PROBLEM STATEMENT - In the listing that follows, print every line exactly and leave the images out.

───

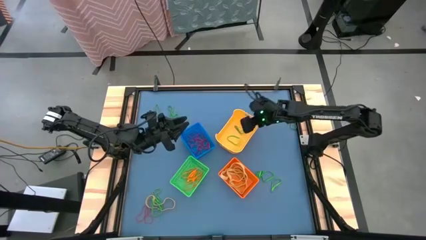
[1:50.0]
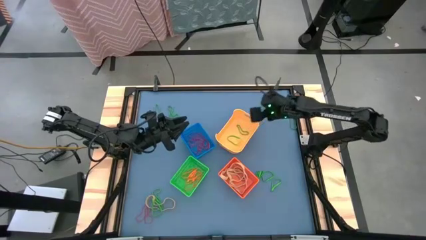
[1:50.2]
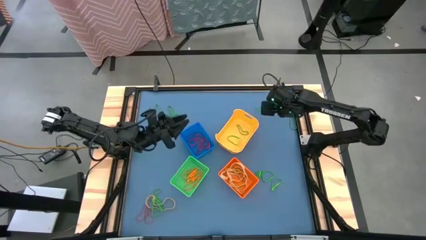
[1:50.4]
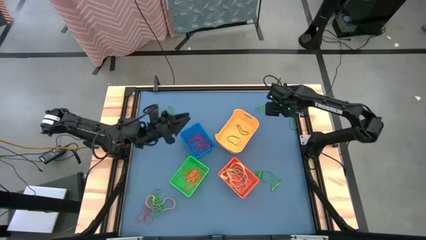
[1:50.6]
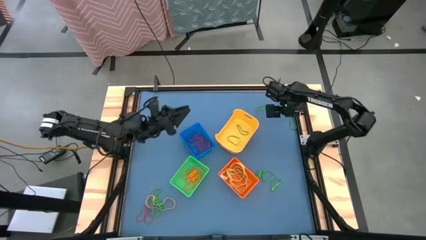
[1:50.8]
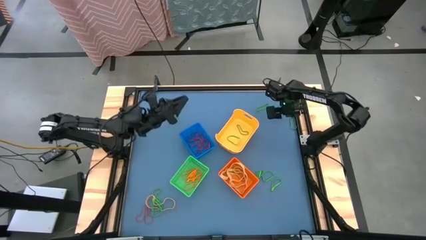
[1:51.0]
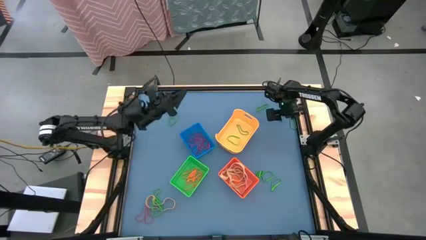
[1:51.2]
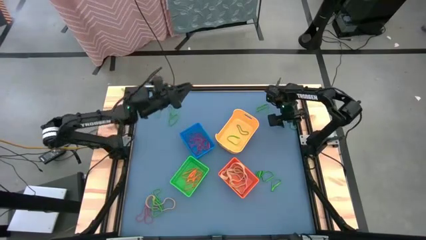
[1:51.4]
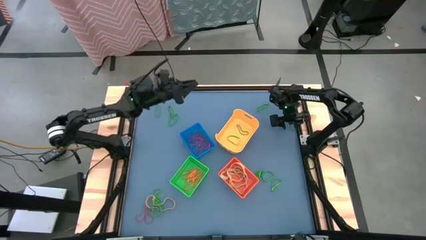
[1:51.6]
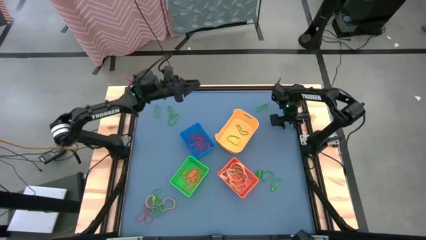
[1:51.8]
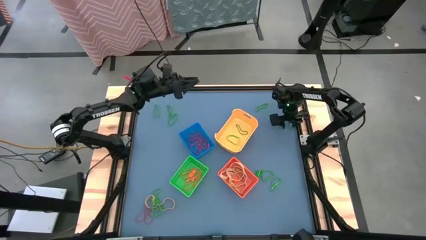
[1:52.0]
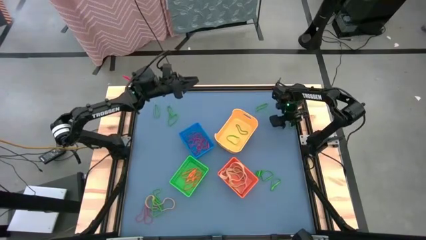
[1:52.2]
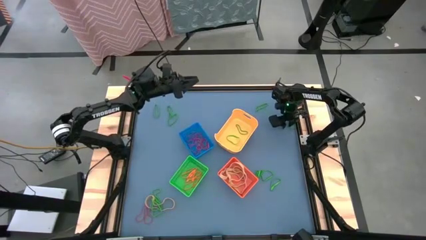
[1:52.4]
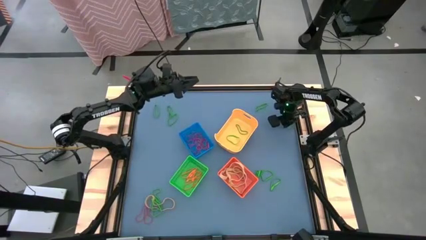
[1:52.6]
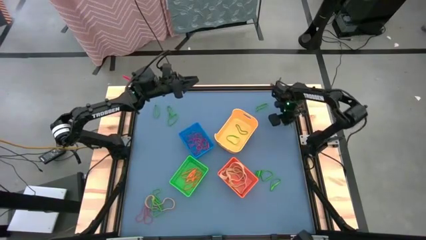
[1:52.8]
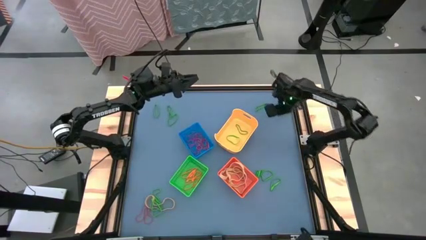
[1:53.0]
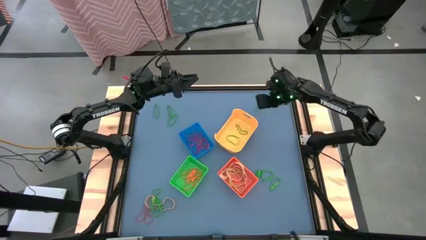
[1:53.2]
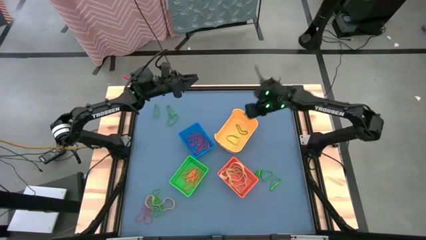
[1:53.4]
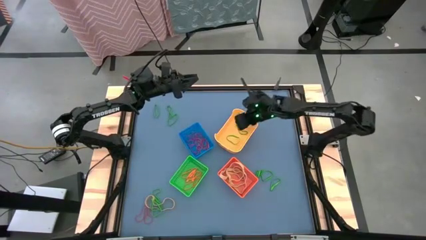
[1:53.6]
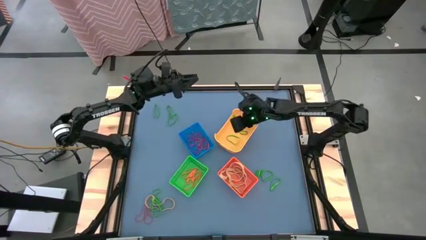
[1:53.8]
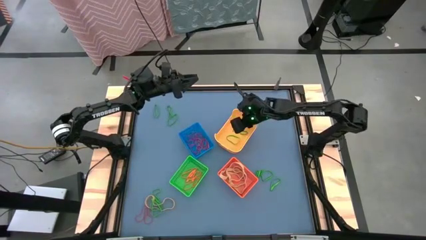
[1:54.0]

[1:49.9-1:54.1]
Task: Sort rubber bands into baskets
Put the green rubber band into the yellow bin

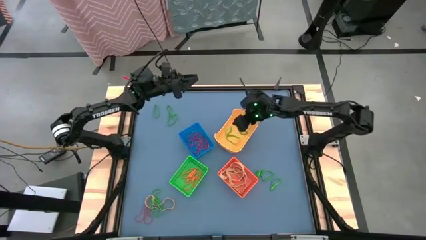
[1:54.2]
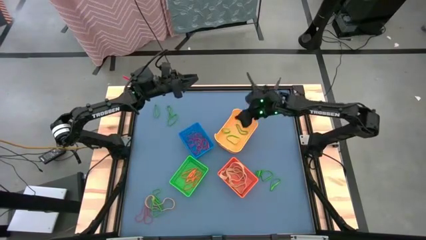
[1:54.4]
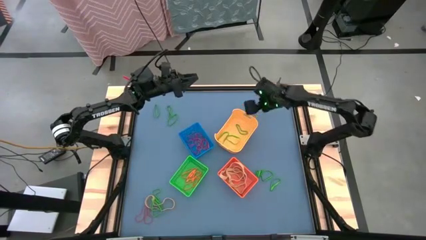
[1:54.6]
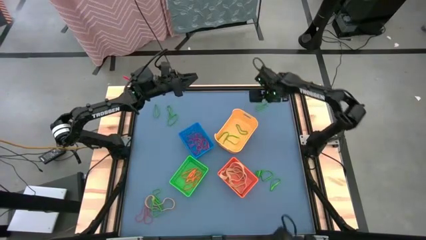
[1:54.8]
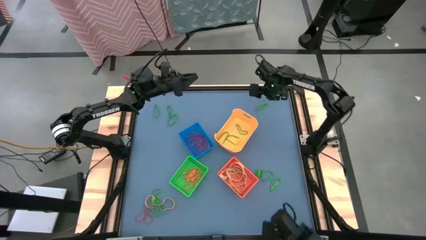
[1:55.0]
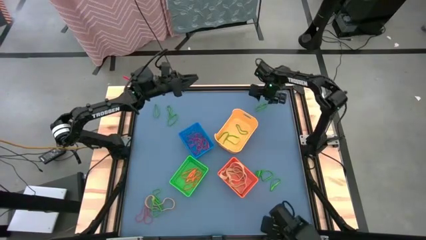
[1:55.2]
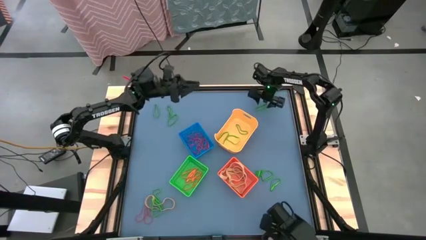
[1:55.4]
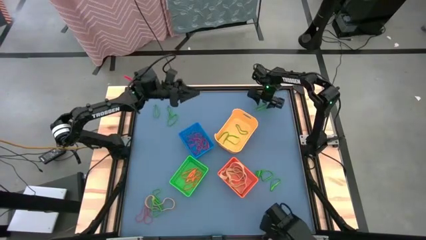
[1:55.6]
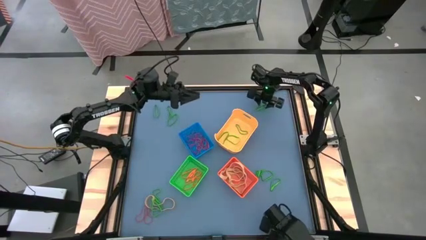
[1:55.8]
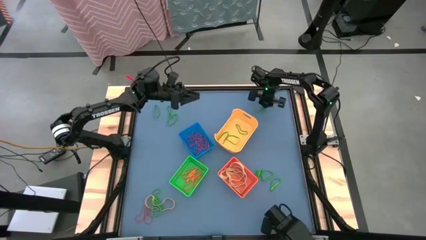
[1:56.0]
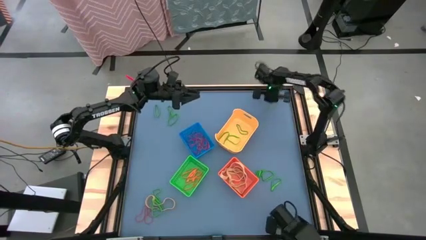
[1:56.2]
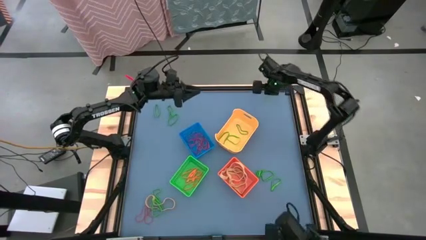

───

SOLUTION TO THIS EXERCISE -
[1:50.0]
[1:50.2]
[1:50.4]
[1:50.6]
[1:50.8]
[1:51.0]
[1:51.2]
[1:51.4]
[1:51.6]
[1:51.8]
[1:52.0]
[1:52.2]
[1:52.4]
[1:52.6]
[1:52.8]
[1:53.0]
[1:53.2]
[1:53.4]
[1:53.6]
[1:53.8]
[1:54.0]

[1:49.9-1:54.1]
Task: Sort rubber bands into baskets
Put the green rubber band into the yellow bin

[1:54.2]
[1:54.4]
[1:54.6]
[1:54.8]
[1:55.0]
[1:55.2]
[1:55.4]
[1:55.6]
[1:55.8]
[1:56.0]
[1:56.2]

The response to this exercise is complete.